→ Work required
Make a verbatim copy of the records; pictures stay out.

Supplied records Block Start

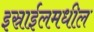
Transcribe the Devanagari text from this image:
इस्राईलमधील
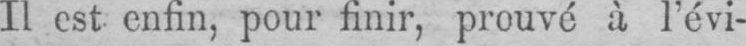
Il est enfin, pour finir, prouvé à l’évi-
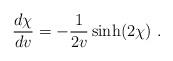
LaTeX: \begin{align*}{d\chi\over dv}=-{1\over 2v}\sinh(2\chi)\ .\end{align*}
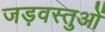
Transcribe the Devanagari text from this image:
जड़वस्तुओं
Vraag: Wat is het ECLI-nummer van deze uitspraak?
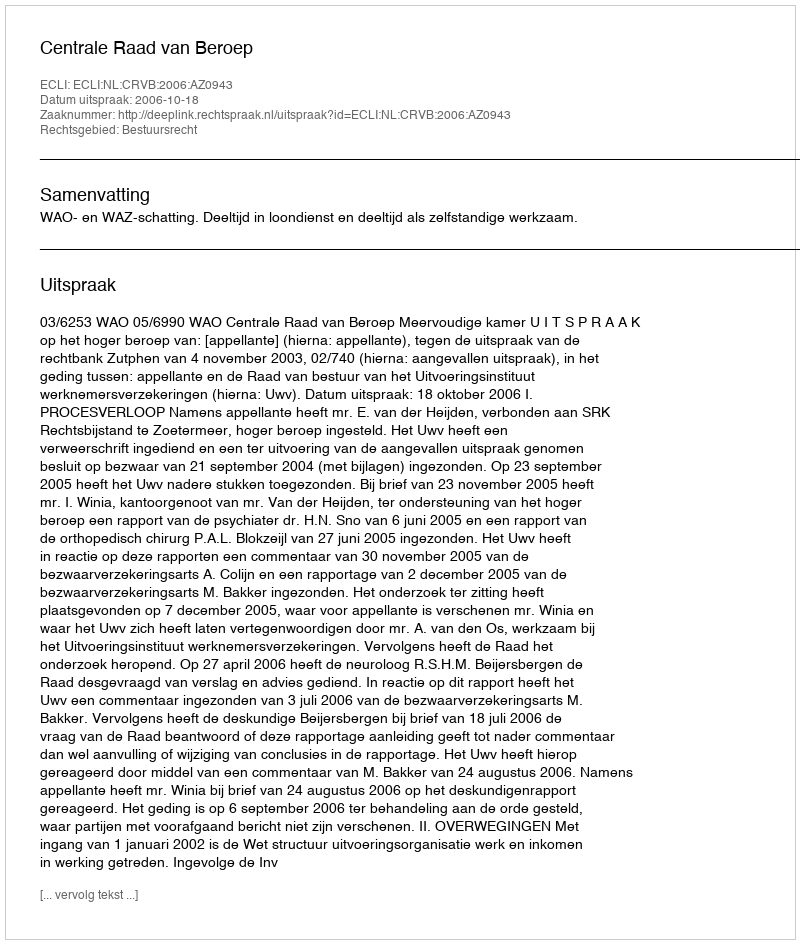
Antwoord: ECLI:NL:CRVB:2006:AZ0943
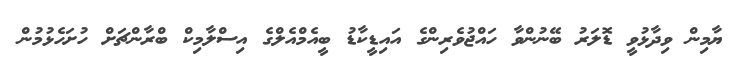
ޔާމިން ވިދާޅުވީ ޑޮލަރު ބޭނުންވާ ހައްޖުވެރިންގެ އައިޑީކާޑު ބީއެމްއެލްގެ އިސްލާމިކް ބްރާންޗަށް ހުށަހެޅުމުން
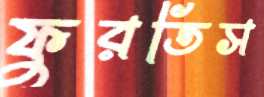
ফুরতিস
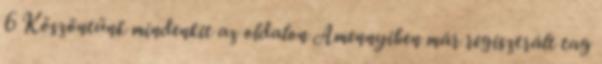
6 Köszöntünk mindenkit az oldalon Amennyiben már regisztrált tag
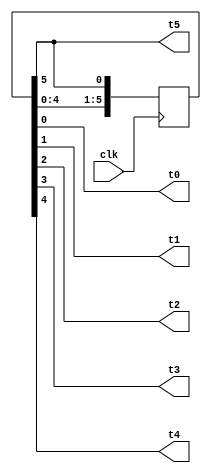
`timescale 1ns / 1ps
//////////////////////////////////////////////////////////////////////////////////
// Company: 
// Engineer: 
// 
// Design Name: 
// Module Name: beat
// Project Name: 
// Target Devices: 
// Tool Versions: 
// Description: 
// 
// Dependencies: 
// 
// Revision:
// Revision 0.01 - File Created
// Additional Comments:
// 
//////////////////////////////////////////////////////////////////////////////////

/*
module beat(
    input clk,      //clk _125Mhz  FPGA 
    output reg t0,output reg t1,output reg t2, output reg t3,output reg t4,output reg t5 );  
reg [2:0]a=0;
initial t5 = 0;
always@(posedge  clk)
begin
    a=a+1;
    if(a>5) begin
      a=0;
    end
    begin
        case(a)
            3'b000:begin   t5 <=~t5;   t0 <= 1;
                   end
            3'b001:begin   t0 <=~t0;   t1 <= 1;
                   end                 
            3'b010:begin   t1 <=~t1;    t2 <= 1;
                   end    
            3'b011:begin   t2 <=~t2;    t3 <= 1;
                   end    
            3'b100:begin   t3 <=~t3;    t4 <= 1;
                   end    
            3'b101:begin   t4 <=~t4;    t5 <= ~t5;
                   end                                                               
        endcase
    end
end
endmodule

*/
module beat(
    input clk,      //clk _125Mhz  FPGA 
    output  t0,
    output  t1,
    output  t2,
    output  t3,
    output  t4,
    output  t5 );

reg [5:0] shift_reg;
initial begin
   shift_reg = 6'b100000;
end

always @(posedge clk ) begin
    shift_reg <= {shift_reg[4:0], shift_reg[5]};
end

assign {t5,t4,t3,t2,t1,t0}=shift_reg;

endmodule
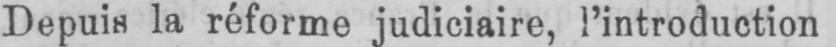
Depuis la réforme judiciaire, l’introduction
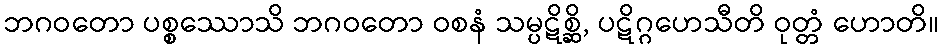
ဘဂဝတော ပစ္စဿောသိ ဘဂဝတော ဝစနံ သမ္ပဋိစ္ဆိ, ပဋိဂ္ဂဟေသီတိ ဝုတ္တံ ဟောတိ။
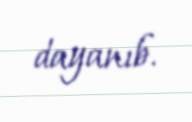
dayanıb.
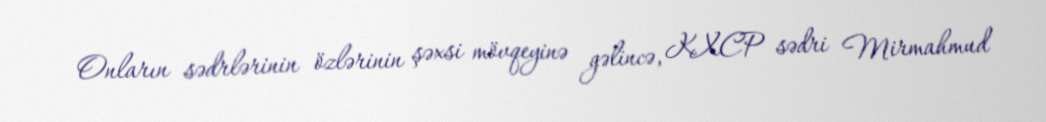
Onların sədrlərinin özlərinin şəxsi mövqeyinə gəlincə, KXCP sədri Mirmahmud
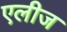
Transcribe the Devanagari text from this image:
एलीज
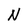
Character: N
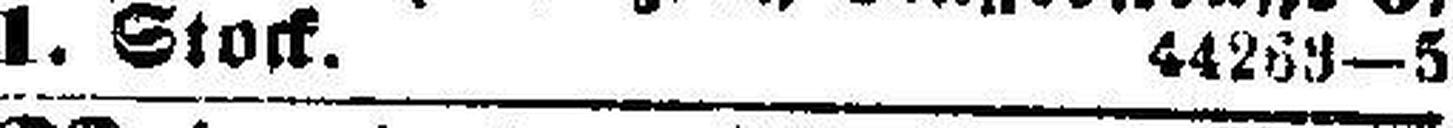
1. Stock. 44263—5
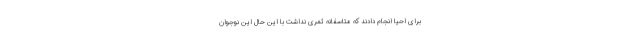
برای احیا انجام دادند که متاسفانه ثمری نداشت با این حال این نوجوان
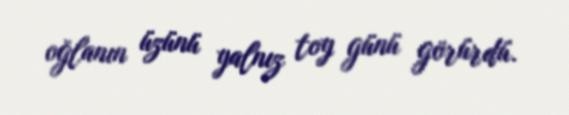
oğlanın üzünü yalnız toy günü görürdü.
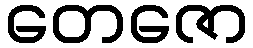
တေဇော
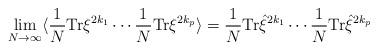
LaTeX: \begin{align*}\lim_{N \rightarrow \infty} \langle\frac{1}{N}{\rm Tr}\xi^{2k_{1}}\cdots\frac{1}{N} {\rm Tr}\xi^{2k_{p}}\rangle=\frac{1}{N}{\rm Tr}{\hat \xi}^{2k_{1}}\cdots \frac{1}{N}{\rm Tr}{\hat\xi}^{2k_{p}}\end{align*}
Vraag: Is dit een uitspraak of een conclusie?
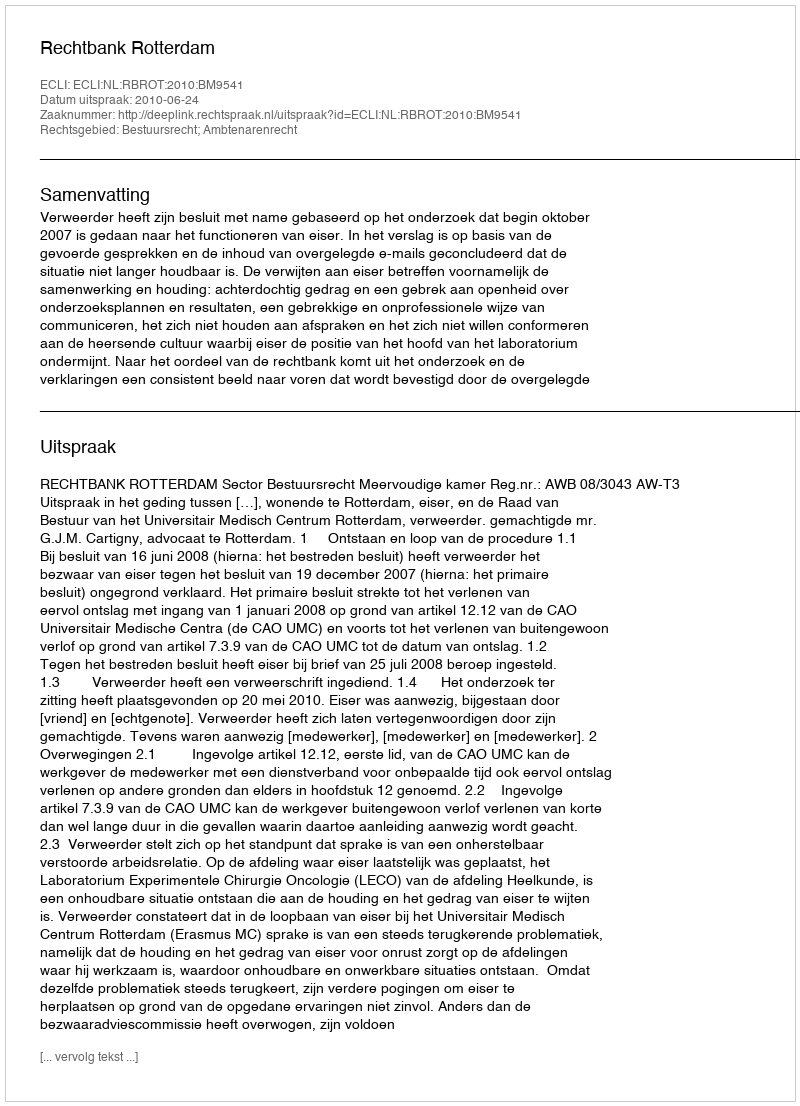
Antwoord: Uitspraak
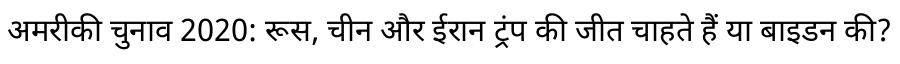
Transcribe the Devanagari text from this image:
अमरीकी चुनाव 2020: रूस, चीन और ईरान ट्रंप की जीत चाहते हैं या बाइडन की?
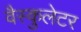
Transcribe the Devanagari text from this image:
वैस्कुलेटर
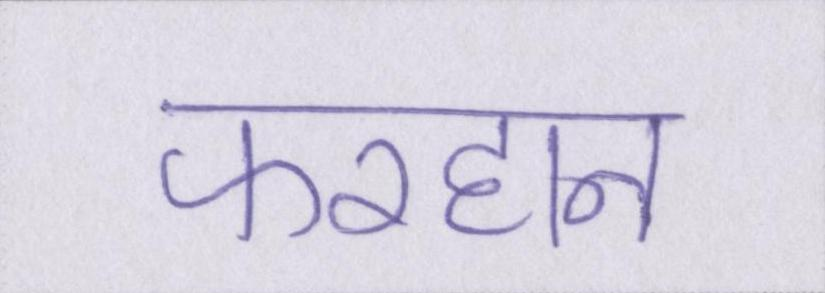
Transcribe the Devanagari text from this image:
फरहान
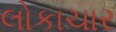
લોકાચાર
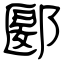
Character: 郾
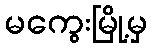
မကွေးမြို့မှ
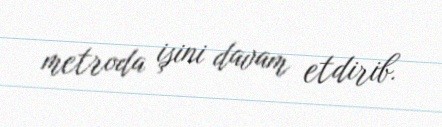
metroda işini davam etdirib.
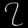
Digit: ၇
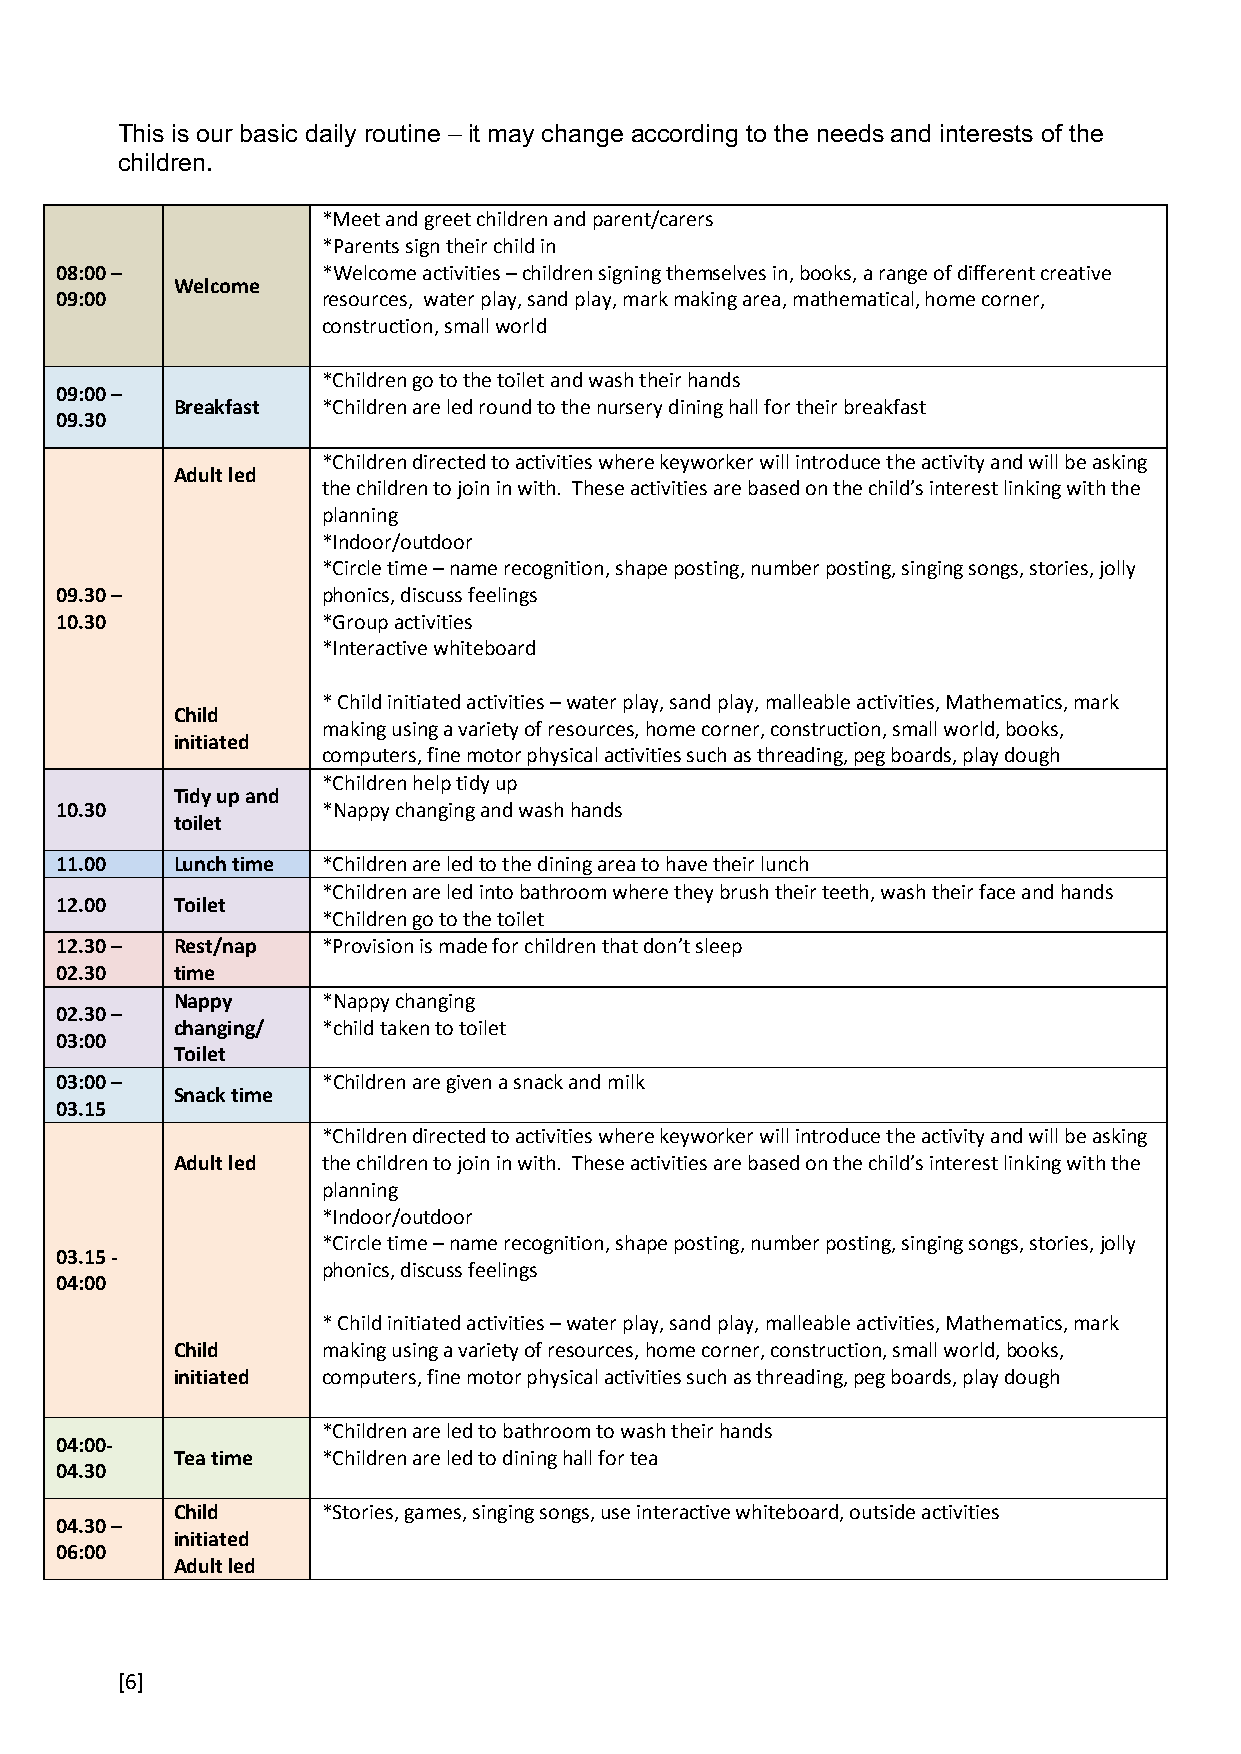
This is our basic daily routine – it may change according to the needs and interests of the
 children.
 *Meet and greet children and parent/carers
 *Parents sign their child in
 08:00 –          *Welcome activities – children signing themselves in, books, a range of different creative
 Welcome
 09:00            resources, water play, sand play, mark making area, mathematical, home corner,
 construction, small world
 *Children go to the toilet and wash their hands
 09:00 –
 Breakfast *Children are led round to the nursery dining hall for their breakfast
 09.30
 *Children directed to activities where keyworker will introduce the activity and will be asking
 Adult led
 the children to join in with. These activities are based on the child’s interest linking with the
 planning
 *Indoor/outdoor
 *Circle time – name recognition, shape posting, number posting, singing songs, stories, jolly
 09.30 –          phonics, discuss feelings
 10.30            *Group activities
 *Interactive whiteboard
 * Child initiated activities – water play, sand play, malleable activities, Mathematics, mark
 Child
 making using a variety of resources, home corner, construction, small world, books,
 initiated
 computers, fine motor physical activities such as threading, peg boards, play dough
 *Children help tidy up
 Tidy up and
 10.30            *Nappy changing and wash hands
 toilet
 11.00  Lunch time *Children are led to the dining area to have their lunch
 *Children are led into bathroom where they brush their teeth, wash their face and hands
 12.00  Toilet
 *Children go to the toilet
 12.30 – Rest/nap *Provision is made for children that don’t sleep
 02.30  time
 Nappy     *Nappy changing
 02.30 –
 changing/ *child taken to toilet
 03:00
 Toilet
 03:00 –          *Children are given a snack and milk
 Snack time
 03.15
 *Children directed to activities where keyworker will introduce the activity and will be asking
 Adult led the children to join in with. These activities are based on the child’s interest linking with the
 planning
 *Indoor/outdoor
 *Circle time – name recognition, shape posting, number posting, singing songs, stories, jolly
 03.15 -
 phonics, discuss feelings
 04:00
 * Child initiated activities – water play, sand play, malleable activities, Mathematics, mark
 Child     making using a variety of resources, home corner, construction, small world, books,
 initiated computers, fine motor physical activities such as threading, peg boards, play dough
 *Children are led to bathroom to wash their hands
 04:00-
 Tea time  *Children are led to dining hall for tea
 04.30
 Child     *Stories, games, singing songs, use interactive whiteboard, outside activities
 04.30 –
 initiated
 06:00
 Adult led
 [6]

Supplied records Block End

→ The completed task
Transcribe the Devanagari text from this image:
इस्राईलमधील
Il est enfin, pour finir, prouvé à l’évi-
LaTeX: \begin{align*}{d\chi\over dv}=-{1\over 2v}\sinh(2\chi)\ .\end{align*}
Transcribe the Devanagari text from this image:
जड़वस्तुओं
Vraag: Wat is het ECLI-nummer van deze uitspraak?
Antwoord: ECLI:NL:CRVB:2006:AZ0943
ޔާމިން ވިދާޅުވީ ޑޮލަރު ބޭނުންވާ ހައްޖުވެރިންގެ އައިޑީކާޑު ބީއެމްއެލްގެ އިސްލާމިކް ބްރާންޗަށް ހުށަހެޅުމުން
ফুরতিস
6 Köszöntünk mindenkit az oldalon Amennyiben már regisztrált tag
`timescale 1ns / 1ps
//////////////////////////////////////////////////////////////////////////////////
// Company: 
// Engineer: 
// 
// Design Name: 
// Module Name: beat
// Project Name: 
// Target Devices: 
// Tool Versions: 
// Description: 
// 
// Dependencies: 
// 
// Revision:
// Revision 0.01 - File Created
// Additional Comments:
// 
//////////////////////////////////////////////////////////////////////////////////

/*
module beat(
    input clk,      //clk _125Mhz  FPGA 
    output reg t0,output reg t1,output reg t2, output reg t3,output reg t4,output reg t5 );  
reg [2:0]a=0;
initial t5 = 0;
always@(posedge  clk)
begin
    a=a+1;
    if(a>5) begin
      a=0;
    end
    begin
        case(a)
            3'b000:begin   t5 <=~t5;   t0 <= 1;
                   end
            3'b001:begin   t0 <=~t0;   t1 <= 1;
                   end                 
            3'b010:begin   t1 <=~t1;    t2 <= 1;
                   end    
            3'b011:begin   t2 <=~t2;    t3 <= 1;
                   end    
            3'b100:begin   t3 <=~t3;    t4 <= 1;
                   end    
            3'b101:begin   t4 <=~t4;    t5 <= ~t5;
                   end                                                               
        endcase
    end
end
endmodule

*/
module beat(
    input clk,      //clk _125Mhz  FPGA 
    output  t0,
    output  t1,
    output  t2,
    output  t3,
    output  t4,
    output  t5 );

reg [5:0] shift_reg;
initial begin
   shift_reg = 6'b100000;
end

always @(posedge clk ) begin
    shift_reg <= {shift_reg[4:0], shift_reg[5]};
end

assign {t5,t4,t3,t2,t1,t0}=shift_reg;

endmodule
Depuis la réforme judiciaire, l’introduction
ဘဂဝတော ပစ္စဿောသိ ဘဂဝတော ဝစနံ သမ္ပဋိစ္ဆိ, ပဋိဂ္ဂဟေသီတိ ဝုတ္တံ ဟောတိ။
dayanıb.
Onların sədrlərinin özlərinin şəxsi mövqeyinə gəlincə, KXCP sədri Mirmahmud
Transcribe the Devanagari text from this image:
एलीज
Character: N
1. Stock. 44263—5
برای احیا انجام دادند که متاسفانه ثمری نداشت با این حال این نوجوان
oğlanın üzünü yalnız toy günü görürdü.
တေဇော
LaTeX: \begin{align*}\lim_{N \rightarrow \infty} \langle\frac{1}{N}{\rm Tr}\xi^{2k_{1}}\cdots\frac{1}{N} {\rm Tr}\xi^{2k_{p}}\rangle=\frac{1}{N}{\rm Tr}{\hat \xi}^{2k_{1}}\cdots \frac{1}{N}{\rm Tr}{\hat\xi}^{2k_{p}}\end{align*}
Vraag: Is dit een uitspraak of een conclusie?
Antwoord: Uitspraak
Transcribe the Devanagari text from this image:
अमरीकी चुनाव 2020: रूस, चीन और ईरान ट्रंप की जीत चाहते हैं या बाइडन की?
Transcribe the Devanagari text from this image:
वैस्कुलेटर
Transcribe the Devanagari text from this image:
फरहान
લોકાચાર
Character: 郾
မကွေးမြို့မှ
metroda işini davam etdirib.
Digit: ၇
This is our basic daily routine – it may change according to the needs and interests of the
 children.
 *Meet and greet children and parent/carers
 *Parents sign their child in
 08:00 –          *Welcome activities – children signing themselves in, books, a range of different creative
 Welcome
 09:00            resources, water play, sand play, mark making area, mathematical, home corner,
 construction, small world
 *Children go to the toilet and wash their hands
 09:00 –
 Breakfast *Children are led round to the nursery dining hall for their breakfast
 09.30
 *Children directed to activities where keyworker will introduce the activity and will be asking
 Adult led
 the children to join in with. These activities are based on the child’s interest linking with the
 planning
 *Indoor/outdoor
 *Circle time – name recognition, shape posting, number posting, singing songs, stories, jolly
 09.30 –          phonics, discuss feelings
 10.30            *Group activities
 *Interactive whiteboard
 * Child initiated activities – water play, sand play, malleable activities, Mathematics, mark
 Child
 making using a variety of resources, home corner, construction, small world, books,
 initiated
 computers, fine motor physical activities such as threading, peg boards, play dough
 *Children help tidy up
 Tidy up and
 10.30            *Nappy changing and wash hands
 toilet
 11.00  Lunch time *Children are led to the dining area to have their lunch
 *Children are led into bathroom where they brush their teeth, wash their face and hands
 12.00  Toilet
 *Children go to the toilet
 12.30 – Rest/nap *Provision is made for children that don’t sleep
 02.30  time
 Nappy     *Nappy changing
 02.30 –
 changing/ *child taken to toilet
 03:00
 Toilet
 03:00 –          *Children are given a snack and milk
 Snack time
 03.15
 *Children directed to activities where keyworker will introduce the activity and will be asking
 Adult led the children to join in with. These activities are based on the child’s interest linking with the
 planning
 *Indoor/outdoor
 *Circle time – name recognition, shape posting, number posting, singing songs, stories, jolly
 03.15 -
 phonics, discuss feelings
 04:00
 * Child initiated activities – water play, sand play, malleable activities, Mathematics, mark
 Child     making using a variety of resources, home corner, construction, small world, books,
 initiated computers, fine motor physical activities such as threading, peg boards, play dough
 *Children are led to bathroom to wash their hands
 04:00-
 Tea time  *Children are led to dining hall for tea
 04.30
 Child     *Stories, games, singing songs, use interactive whiteboard, outside activities
 04.30 –
 initiated
 06:00
 Adult led
 [6]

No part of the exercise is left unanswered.